I was thinking about the great cinematographer Christopher Doyle the other day. I got to hang out with him for a couple of hours back when 2046 came out. He was dressed like a combat photographer and smoking filterless cigarettes. Long hair. Exactly as I imagined him.
I should say “big hair“ rather than “long” because it grows out and up. I learned a lot about how he and WKW shot those great movies. Tons of improvising. A lot of Terrence Malick “looking for the moment“ and finding beautiful lighting rather than constantly manufacturing it.
I had a false impression of those WKW films is being very meticulously produced and in fact they pushed in the opposite direction to the extent that they could. It wasn’t all about making things look great. It was mainly about finding beauty, which is a different thing.
One thing that I thought was very interesting was, sometimes WKW would just have an actor sit and think and he would talk to them and give them mental images and Doyle would get the close-up. By the end they had tons of subtle close-ups they could use for expressive editing.
Doyle made it clear from the way he talked about WKW that he adored him and would do pretty much anything for him. If WKW was making a new movie he would always make that his first priority and cancel other stuff. He said he made modest money working for WKW but he didn’t care.
It was eye-opening because we tend to forget that guys like Doyle exist in the entertainment industry – they do what they have to do to make money but it’s really all about justifying the art they make on the side.

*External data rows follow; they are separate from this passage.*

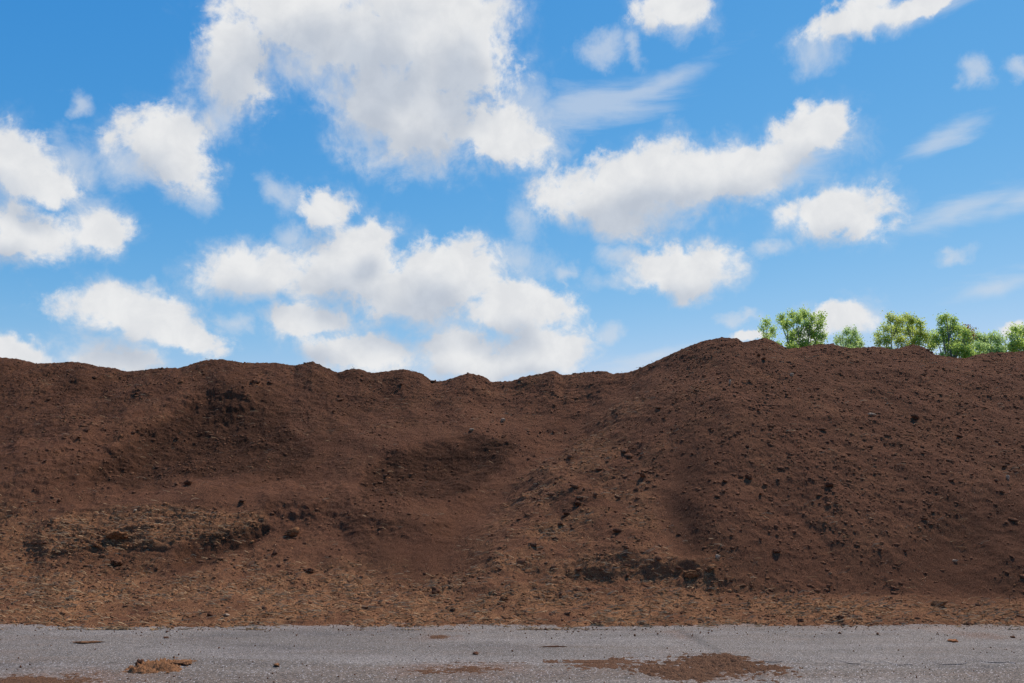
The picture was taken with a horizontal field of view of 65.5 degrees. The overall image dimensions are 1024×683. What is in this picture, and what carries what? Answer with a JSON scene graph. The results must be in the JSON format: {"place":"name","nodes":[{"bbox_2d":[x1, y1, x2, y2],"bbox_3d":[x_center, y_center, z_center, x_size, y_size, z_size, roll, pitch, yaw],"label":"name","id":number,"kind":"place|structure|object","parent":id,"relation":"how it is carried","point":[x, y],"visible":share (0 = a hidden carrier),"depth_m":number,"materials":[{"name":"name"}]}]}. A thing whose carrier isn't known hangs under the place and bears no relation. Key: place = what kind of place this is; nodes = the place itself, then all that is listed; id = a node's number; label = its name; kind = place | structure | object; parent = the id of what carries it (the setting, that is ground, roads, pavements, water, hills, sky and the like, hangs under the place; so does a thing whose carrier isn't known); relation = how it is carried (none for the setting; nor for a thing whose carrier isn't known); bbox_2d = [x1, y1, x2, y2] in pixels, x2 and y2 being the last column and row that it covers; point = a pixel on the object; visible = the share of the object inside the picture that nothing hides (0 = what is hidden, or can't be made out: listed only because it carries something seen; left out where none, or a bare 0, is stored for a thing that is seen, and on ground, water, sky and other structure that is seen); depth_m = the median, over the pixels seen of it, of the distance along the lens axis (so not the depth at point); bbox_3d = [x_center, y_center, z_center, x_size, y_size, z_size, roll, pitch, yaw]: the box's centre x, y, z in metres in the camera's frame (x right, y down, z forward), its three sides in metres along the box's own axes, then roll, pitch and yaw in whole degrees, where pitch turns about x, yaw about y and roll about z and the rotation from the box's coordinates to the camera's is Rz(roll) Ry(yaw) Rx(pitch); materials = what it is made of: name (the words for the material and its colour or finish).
{"place":"outdoors","nodes":[
{"label":"outdoors","id":0,"kind":"place"},
{"bbox_2d":[0,623,1023,665],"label":"road","id":1,"kind":"structure","parent":0,"point":[489,642],"depth_m":7.79,"materials":[{"name":"grey asphalt"}]},
{"bbox_2d":[73,641,102,643],"bbox_3d":[-4.157,2.954,7.820,0.329,0.030,0.080,2,-9,-14],"label":"peat strip","id":2,"kind":"object","parent":1,"relation":"on","point":[82,642],"visible":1,"depth_m":7.81,"materials":[{"name":"brown soil"}]},
{"bbox_2d":[122,656,195,673],"bbox_3d":[-3.058,2.824,6.941,0.502,0.145,0.636,0,-9,0],"label":"peat clump","id":3,"kind":"object","parent":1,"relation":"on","point":[141,666],"visible":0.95,"depth_m":6.80,"materials":[{"name":"brown soil"}]},
{"bbox_2d":[430,635,449,638],"bbox_3d":[-0.755,3.002,8.096,0.261,0.017,0.184,0,-9,0],"label":"soil spill","id":4,"kind":"object","parent":1,"relation":"on","point":[437,636],"visible":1,"depth_m":8.08,"materials":[{"name":"brown soil"}]},
{"bbox_2d":[0,621,1003,635],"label":"edge crumbs","id":5,"kind":"object","parent":1,"relation":"on","point":[545,628],"visible":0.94,"depth_m":8.54,"materials":[{"name":"brown soil"}]},
{"bbox_2d":[0,625,1020,682],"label":"road grit","id":6,"kind":"object","parent":1,"relation":"on","point":[513,655],"visible":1,"depth_m":7.27,"materials":[{"name":"gravel"}]},
{"bbox_2d":[0,657,1023,682],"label":"old pavement","id":7,"kind":"structure","parent":0,"point":[205,670],"depth_m":6.71,"materials":[{"name":"grey asphalt"}]},
{"bbox_2d":[0,672,101,682],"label":"soil spill","id":8,"kind":"object","parent":7,"relation":"on","point":[27,679],"visible":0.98,"depth_m":6.47,"materials":[{"name":"brown soil"}]},
{"bbox_2d":[406,662,526,674],"bbox_3d":[-0.438,2.808,6.814,1.139,0.025,0.490,0,-9,0],"label":"soil spill","id":9,"kind":"object","parent":7,"relation":"on","point":[470,669],"visible":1,"depth_m":6.80,"materials":[{"name":"brown soil"}]},
{"bbox_2d":[543,659,645,670],"bbox_3d":[0.734,2.828,6.954,0.913,0.023,0.408,0,-9,0],"label":"soil spill","id":10,"kind":"object","parent":7,"relation":"on","point":[601,664],"visible":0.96,"depth_m":7.04,"materials":[{"name":"brown soil"}]},
{"bbox_2d":[608,653,807,682],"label":"soil spill","id":11,"kind":"object","parent":7,"relation":"on","point":[705,666],"visible":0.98,"depth_m":6.83,"materials":[{"name":"brown soil"}]},
{"bbox_2d":[0,0,1023,381],"label":"sky","id":12,"kind":"structure","parent":0,"point":[495,190],"materials":[{"name":"blue"}]},
{"label":"ground","id":13,"kind":"structure","parent":0,"visible":0},
{"bbox_2d":[0,338,1023,627],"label":"soil heap","id":14,"kind":"object","parent":13,"relation":"on","point":[966,580],"visible":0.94,"depth_m":12.05,"materials":[{"name":"brown soil"}]},
{"bbox_2d":[90,540,101,546],"bbox_3d":[-5.801,2.843,11.135,0.197,0.121,0.130,0,-6,28],"label":"soil clod","id":15,"kind":"object","parent":14,"relation":"on","point":[95,543],"visible":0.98,"depth_m":11.10,"materials":[{"name":"brown soil"}]},
{"bbox_2d":[105,530,127,538],"bbox_3d":[-5.597,2.760,11.296,0.321,0.165,0.245,5,-14,-12],"label":"soil clod","id":16,"kind":"object","parent":14,"relation":"on","point":[114,534],"visible":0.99,"depth_m":11.24,"materials":[{"name":"brown soil"}]},
{"bbox_2d":[111,559,122,565],"bbox_3d":[-5.366,3.004,10.823,0.162,0.106,0.159,-5,-10,30],"label":"soil clod","id":17,"kind":"object","parent":14,"relation":"on","point":[115,562],"visible":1,"depth_m":10.78,"materials":[{"name":"brown soil"}]},
{"bbox_2d":[184,480,191,484],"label":"soil clod","id":18,"kind":"object","parent":14,"relation":"on","point":[187,482],"visible":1,"depth_m":12.83,"materials":[{"name":"brown soil"}]},
{"bbox_2d":[251,378,260,383],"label":"soil clod","id":19,"kind":"object","parent":14,"relation":"on","point":[256,381],"visible":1,"depth_m":16.74,"materials":[{"name":"brown soil"}]},
{"bbox_2d":[284,527,299,535],"bbox_3d":[-3.170,2.755,11.514,0.210,0.144,0.168,7,-11,-37],"label":"soil clod","id":20,"kind":"object","parent":14,"relation":"on","point":[294,531],"visible":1,"depth_m":11.47,"materials":[{"name":"brown soil"}]},
{"bbox_2d":[303,568,314,572],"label":"soil clod","id":21,"kind":"object","parent":14,"relation":"on","point":[309,570],"visible":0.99,"depth_m":10.53,"materials":[{"name":"brown soil"}]},
{"bbox_2d":[431,586,439,593],"bbox_3d":[-0.943,3.068,9.775,0.100,0.126,0.108,5,-10,-27],"label":"soil clod","id":22,"kind":"object","parent":14,"relation":"on","point":[435,589],"visible":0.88,"depth_m":9.76,"materials":[{"name":"brown soil"}]},
{"bbox_2d":[501,595,507,600],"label":"soil clod","id":23,"kind":"object","parent":14,"relation":"on","point":[504,597],"visible":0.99,"depth_m":9.30,"materials":[{"name":"brown soil"}]},
{"bbox_2d":[0,337,1023,628],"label":"soil crumbs","id":24,"kind":"object","parent":14,"relation":"on","point":[922,517],"visible":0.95,"depth_m":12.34,"materials":[{"name":"brown soil"}]},
{"bbox_2d":[0,340,1023,630],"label":"plant fibres","id":25,"kind":"object","parent":14,"relation":"on","point":[608,622],"visible":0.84,"depth_m":9.60,"materials":[{"name":"plant"}]},
{"bbox_2d":[516,559,525,563],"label":"soil clod","id":26,"kind":"object","parent":14,"relation":"on","point":[521,561],"visible":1,"depth_m":10.10,"materials":[{"name":"brown soil"}]},
{"bbox_2d":[574,500,581,505],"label":"soil clod","id":27,"kind":"object","parent":14,"relation":"on","point":[577,502],"visible":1,"depth_m":11.38,"materials":[{"name":"brown soil"}]},
{"bbox_2d":[591,619,600,624],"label":"soil clod","id":28,"kind":"object","parent":14,"relation":"on","point":[593,621],"visible":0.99,"depth_m":8.72,"materials":[{"name":"brown soil"}]},
{"bbox_2d":[683,570,697,577],"bbox_3d":[2.202,2.865,9.822,0.188,0.104,0.183,-9,-19,11],"label":"soil clod","id":29,"kind":"object","parent":14,"relation":"on","point":[691,573],"visible":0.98,"depth_m":9.76,"materials":[{"name":"brown soil"}]},
{"bbox_2d":[706,564,717,569],"bbox_3d":[2.464,2.785,9.836,0.093,0.066,0.137,7,-12,-39],"label":"soil clod","id":30,"kind":"object","parent":14,"relation":"on","point":[711,566],"visible":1,"depth_m":9.81,"materials":[{"name":"brown soil"}]},
{"bbox_2d":[745,474,751,479],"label":"soil clod","id":31,"kind":"object","parent":14,"relation":"on","point":[748,476],"visible":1,"depth_m":11.35,"materials":[{"name":"brown soil"}]},
{"bbox_2d":[825,481,833,486],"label":"soil clod","id":32,"kind":"object","parent":14,"relation":"on","point":[828,484],"visible":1,"depth_m":11.20,"materials":[{"name":"brown soil"}]},
{"bbox_2d":[911,413,918,419],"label":"soil clod","id":33,"kind":"object","parent":14,"relation":"on","point":[914,416],"visible":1,"depth_m":13.06,"materials":[{"name":"brown soil"}]},
{"bbox_2d":[931,600,947,606],"bbox_3d":[4.980,3.064,9.280,0.187,0.091,0.106,-3,-9,15],"label":"soil clod","id":34,"kind":"object","parent":14,"relation":"on","point":[935,602],"visible":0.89,"depth_m":9.26,"materials":[{"name":"brown soil"}]},
{"bbox_2d":[757,315,785,345],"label":"broadleaf tree","id":35,"kind":"object","parent":13,"relation":"on","point":[771,330],"visible":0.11,"depth_m":56.40,"materials":[{"name":"green plant"}]},
{"bbox_2d":[775,304,828,348],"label":"broadleaf tree","id":36,"kind":"object","parent":13,"relation":"on","point":[806,327],"visible":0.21,"depth_m":54.53,"materials":[{"name":"green plant"}]},
{"bbox_2d":[833,324,867,347],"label":"broadleaf tree","id":37,"kind":"object","parent":13,"relation":"on","point":[854,342],"visible":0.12,"depth_m":64.46,"materials":[{"name":"green plant"}]},
{"bbox_2d":[870,310,938,353],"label":"broadleaf tree","id":38,"kind":"object","parent":13,"relation":"on","point":[909,320],"visible":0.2,"depth_m":56.11,"materials":[{"name":"green plant"}]},
{"bbox_2d":[925,309,977,357],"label":"broadleaf tree","id":39,"kind":"object","parent":13,"relation":"on","point":[958,347],"visible":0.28,"depth_m":52.61,"materials":[{"name":"green plant"}]},
{"bbox_2d":[969,328,1008,354],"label":"broadleaf tree","id":40,"kind":"object","parent":13,"relation":"on","point":[986,344],"visible":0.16,"depth_m":58.15,"materials":[{"name":"green plant"}]},
{"bbox_2d":[1003,322,1023,351],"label":"broadleaf tree","id":41,"kind":"object","parent":13,"relation":"on","point":[1014,345],"visible":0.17,"depth_m":53.77,"materials":[{"name":"green plant"}]}
]}

He also talked about how WKW treated the actors as actors but also as sculptural objects and, sometimes, as dancers. Not just when they were actually dancing but in the way that he had to move through the frame and be captured by the camera.
I wish I had recorded the entire thing but it wasn’t an official interview — he was just in a bar! But I love that he’s the kind of person you could just start talking to you about his work and he would go deep immediately.
I’ve learned a lot about photography from watching the films that Chris Doyle shot, because the images are often very harmonious in how they juxtapose the people, the room, and the light.
Apologies for the typos in this thread – I’m procrastinating doing a bunch of household stuff so I’m not sweating every syllable. Anyway, Chris Doyle is a great cinematographer and a great artist and a really interesting guy. Seek out his work.